Task:
Set the data down again, exactly as it reads, but without the pictures.

Exercise data:
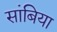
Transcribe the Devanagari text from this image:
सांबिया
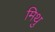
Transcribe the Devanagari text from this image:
मिथु
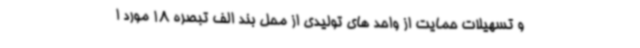
و تسهیلات حمایت از واحد های تولیدی از محل بند الف تبصره 18 مورد ا
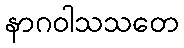
နာဂဝါသသတေ
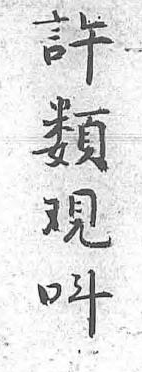
許類覌呌
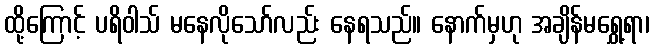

Result:
Transcribe the Devanagari text from this image:
सांबिया
Transcribe the Devanagari text from this image:
मिथु
و تسهیلات حمایت از واحد های تولیدی از محل بند الف تبصره 18 مورد ا
နာဂဝါသသတေ
許類覌呌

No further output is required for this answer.